What? [1] [Python crawler]

A few days ago a friend wants to climb Wangjing near freely rent the price, encounter a point of problem, want to let me help analysis.

1 analysis

I thought, this thing I have done before, but also what difficulty is not. So open a random rental page.

The forehead (even though it’s o… Instead of a picture. There should have been a separate Ajax request to get the price information.

① Although the price is composed of four < I > tags, the background image is the same. Width: 20px; width: 20px; height: 30px; Is fixed and only sets the offset of the image.

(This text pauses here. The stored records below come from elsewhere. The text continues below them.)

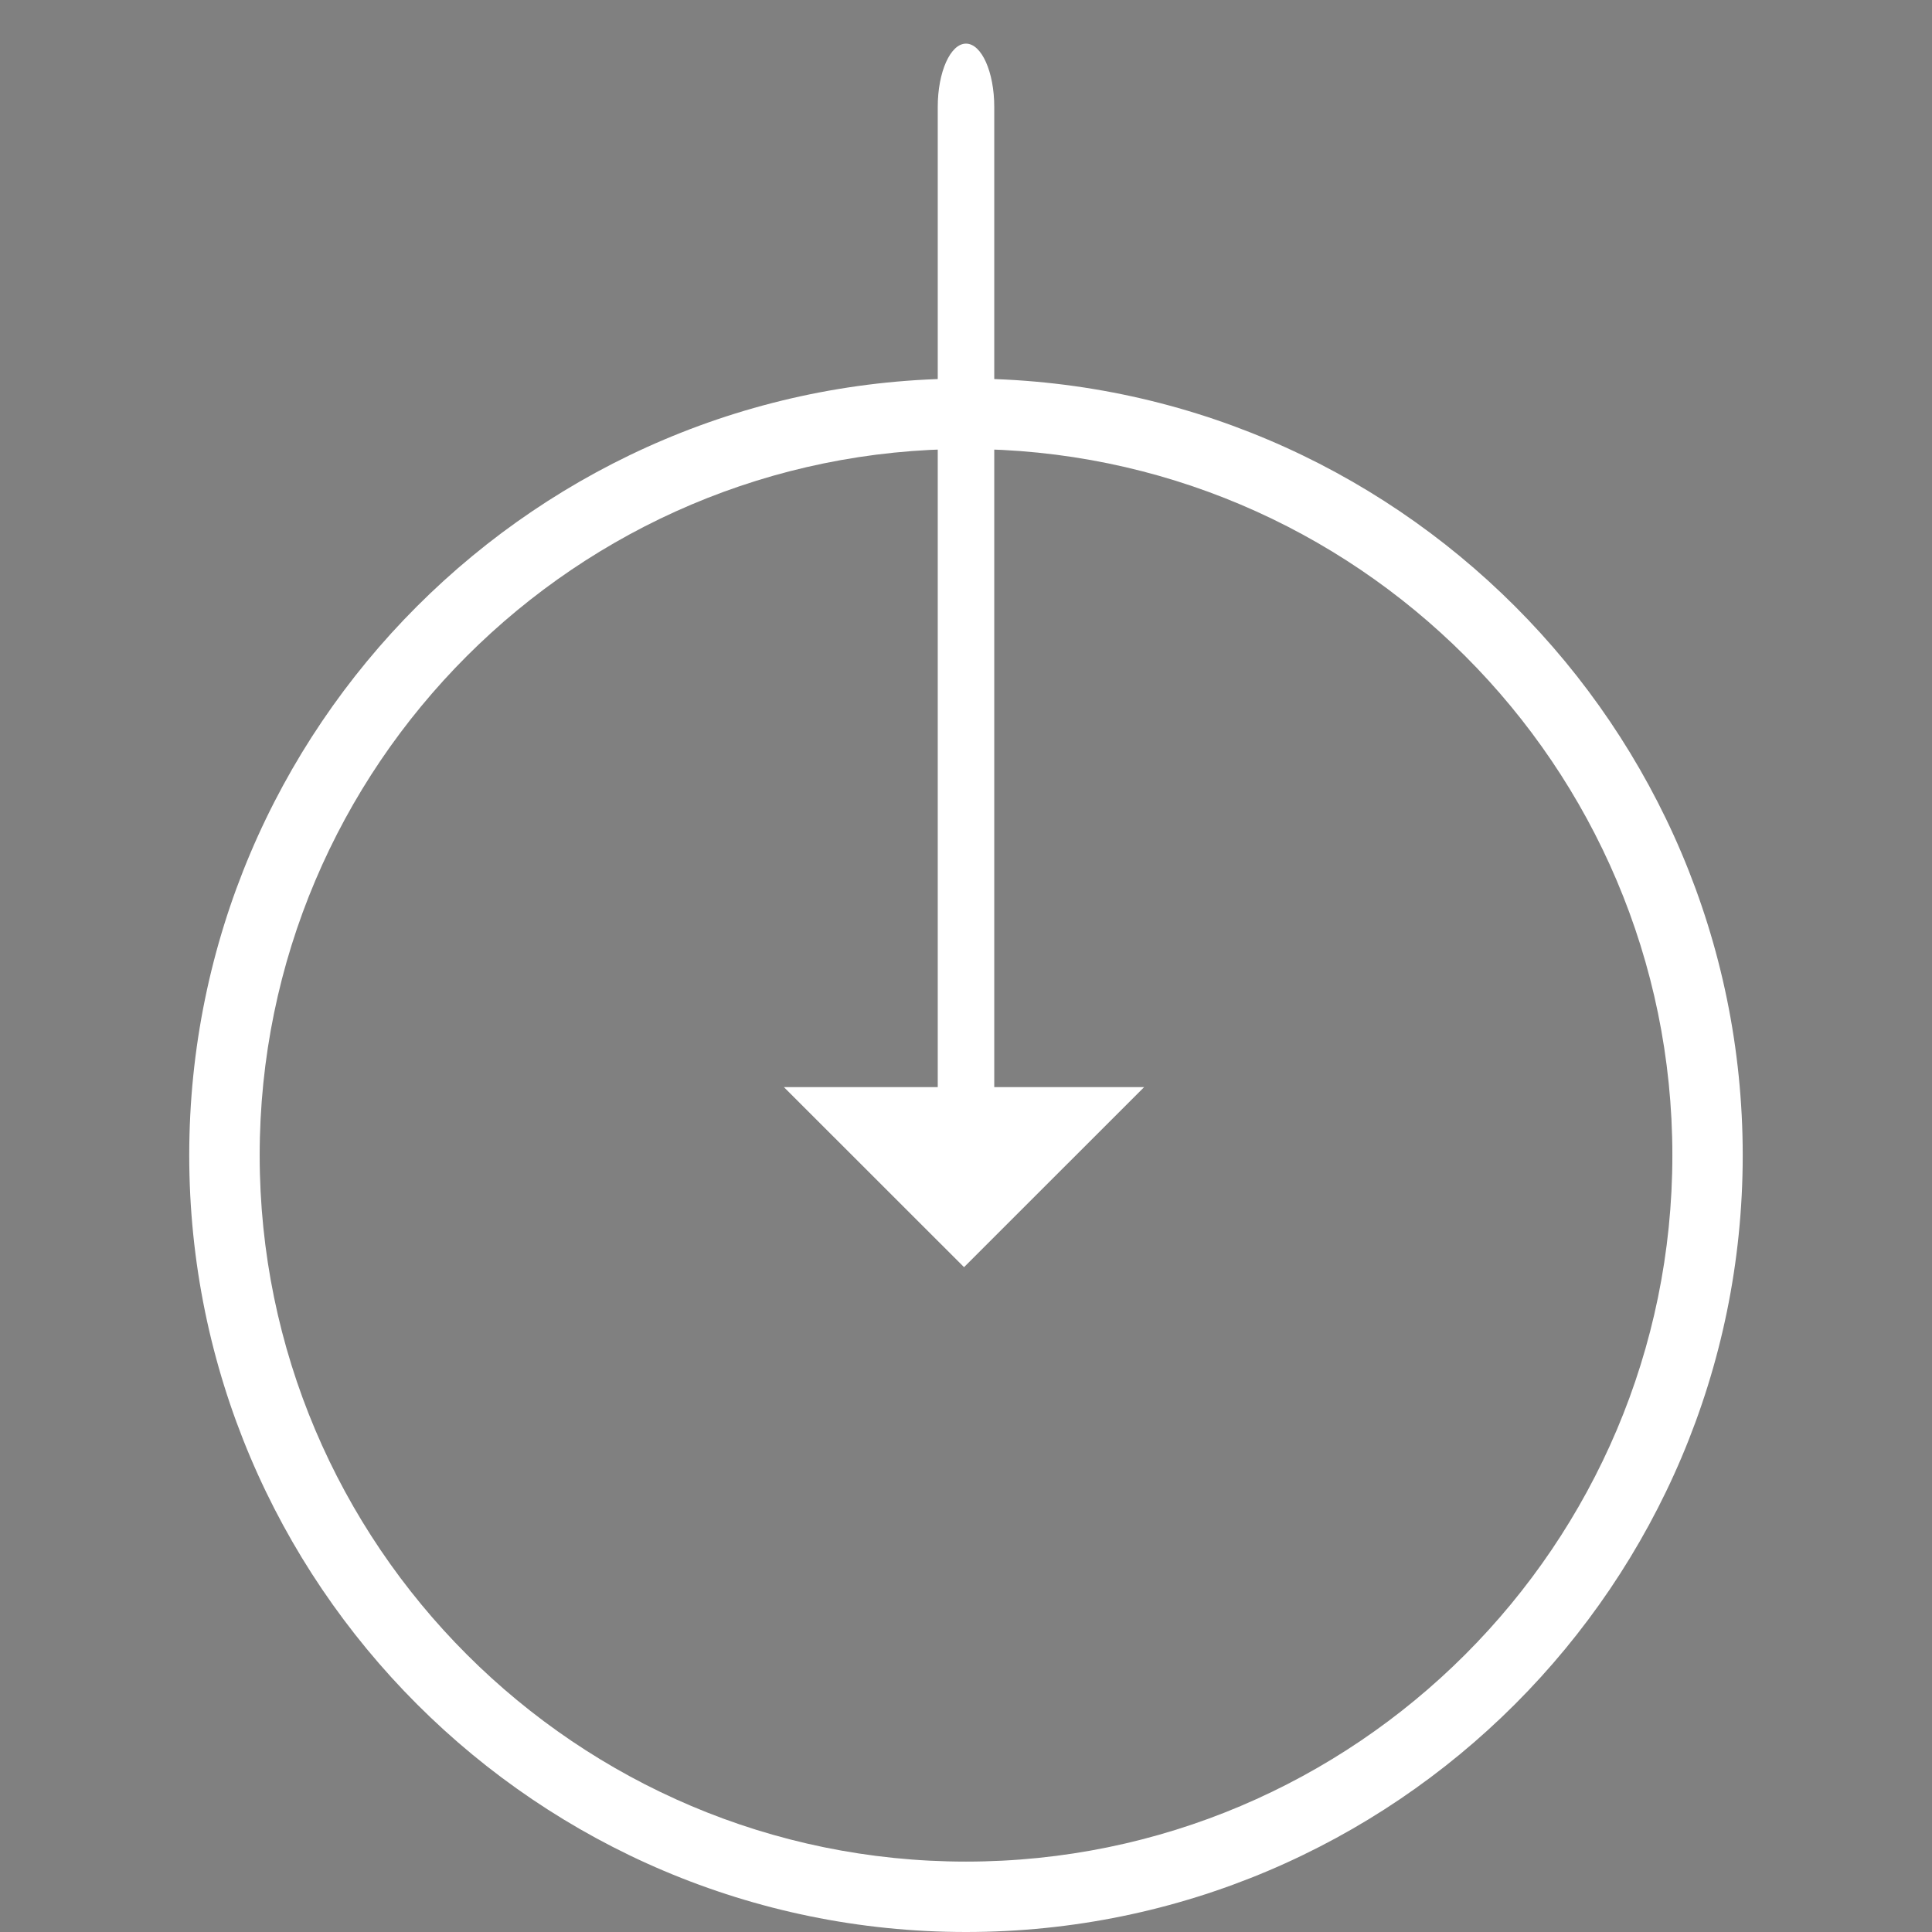 <?xml version="1.0" encoding="utf-8"?>
<!-- Generator: Adobe Illustrator 16.0.0, SVG Export Plug-In . SVG Version: 6.00 Build 0)  -->
<!DOCTYPE svg PUBLIC "-//W3C//DTD SVG 1.1//EN" "http://www.w3.org/Graphics/SVG/1.1/DTD/svg11.dtd">
<svg version="1.1" id="Capa_1" xmlns="http://www.w3.org/2000/svg" xmlns:xlink="http://www.w3.org/1999/xlink" x="0px" y="0px"
	 width="45px" height="45px" viewBox="0 0 44.238 44.238" enable-background="new 0 0 44.238 44.238" xml:space="preserve">
<rect x="0" y="0" width="44.238" height="44.238" fill="#808080" stroke="none"/>
<g>
	<g>
		<path fill="#fff" d="M22.119,42.626c-8.917,0-16.173-7.255-16.173-16.173c0-8.917,7.256-16.172,16.173-16.172
			c8.918,0,16.174,7.255,16.174,16.172C38.293,35.371,31.037,42.626,22.119,42.626z M22.119,8.668
			c-9.807,0-17.786,7.978-17.786,17.785c0,9.806,7.979,17.785,17.786,17.785s17.785-7.979,17.785-17.785
			C39.904,16.646,31.926,8.668,22.119,8.668z"/>
		<g>
			<path fill="#fff" d="M22.119,26.353c-0.357,0-0.647-0.651-0.647-1.449V2.449c0-0.8,0.29-1.45,0.647-1.45
				s0.647,0.649,0.647,1.45v22.455C22.766,25.702,22.476,26.353,22.119,26.353z"/>
		</g>
		<polyline fill="#fff" points="17.949,24.892 22.074,29.015 26.198,24.892 		"/>
		<path fill="#fff" d="M67.786,29.119"/>
	</g>
</g>
<path d="M105.953,40.619"/>
</svg>

But that doesn’t bother me. Let’s get this straight:

Request a web page
Get the picture information, get the price offset information
Cut the image for identification
Get the price data

Just recently in the study of CNN image recognition related, such a regular number, with a little training recognition rate can certainly reach 100%.

2 of actual combat

Say to do it, first find an entry, and then get a wave of web pages again.

2.1 Get the original page

Press the subway directly, find line 15 Wangjing East, and then get the room list, and then deal with the next pagination.

Sample code:

# -*- coding: UTF-8 -*- import os import time import random import requests from lxml.etree import HTML __author__ = 'lpe234' index_url = 'https://www.ziroom.com/z/s100006-t201081/?isOpen=0' visited_index_urls = set() def get_pages(start_url: Param start_url :return: """ "# to reset if start_url in visited_index_urls: Return visited_index_urls.add(start_url) headers = {' user-agent ': 'Mozilla/5.0 (Windows NT 10.0; WOW64) AppleWebKit/537.36 (KHTML, like Gecko) Chrome/90.0.4430.212 Safari/537.36'} resp = point. get(start_url, requests) Headers =headers) Resp.Content.Decode (' UTF-8 ') root = HTML(Resp.Content.Decode (' UTF-8 ' root.xpath('//div[@class="Z_list-box"]/div/div[@class="pic-box"]/a/@href') for href in hrefs: if not href.startswith('http'): Href = 'href :' + href. Strip () print(href) parse_detail(href root.xpath('//div[@class="Z_pages"]/a/@href') for page in pages: if not page.startswith('http'): + page get_pages(page) def parse_detail(detail_url: STR): "" "" headers = {'User-Agent': 'Mozilla/5.0 (Windows NT 10.0; WOW64) AppleWebKit / 537.36 (KHTML, Filename = 'pages/' + detail_url.split('/')[-1] if (like Gecko) Chrome/90.0.4430.212 Safari/537.36'} filename = 'pages/' + detail_url.split('/')[-1] if (like Gecko) Chrome/90.0.4430.212 Safari/537.36' os.path.exists(filename): Return time.sleep(random. RandInt (1, 5)) resp = point.get (detail_url, request) headers=headers) resp_content = resp.content.decode('utf-8') with open(filename, 'wb+') as page: page.write(resp_content.encode()) if __name__ == '__main__': get_pages(start_url=index_url)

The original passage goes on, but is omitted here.